>>>

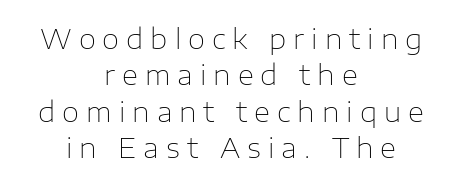
A typesetter would call this heavily tracked-out type. When letters stand straight like this, we call the style roman or upright. Heaviness? Minimal to ordinary, like unemphasized prose. Proportional: the letters do not fall into vertical columns.
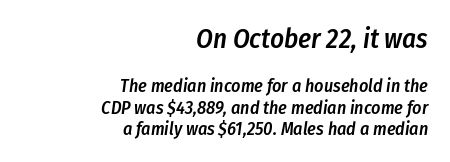
Q: Is the text bold? A: Semi-bold.
Q: Is the text italic (slanted)? A: Yes, it leans right by about 8 degrees.
Q: Is the text underlined? A: No.
Q: How is the paragraph aligned? A: Right-aligned.
Q: Is the spacing between letters normal or unusually wide? A: Normal.
Q: Which block of text is set in a larger size, the first (top) or the second (bottom)? A: The first (top) one.

<<<

PROBLEM TO WORK ON
An exact repeat of the lines from the one containing "Q: How is the" through the final line of the entries is the whole answer.

ANSWER SPACE
Q: How is the paragraph aligned? A: Right-aligned.
Q: Is the spacing between letters normal or unusually wide? A: Normal.
Q: Which block of text is set in a larger size, the first (top) or the second (bottom)? A: The first (top) one.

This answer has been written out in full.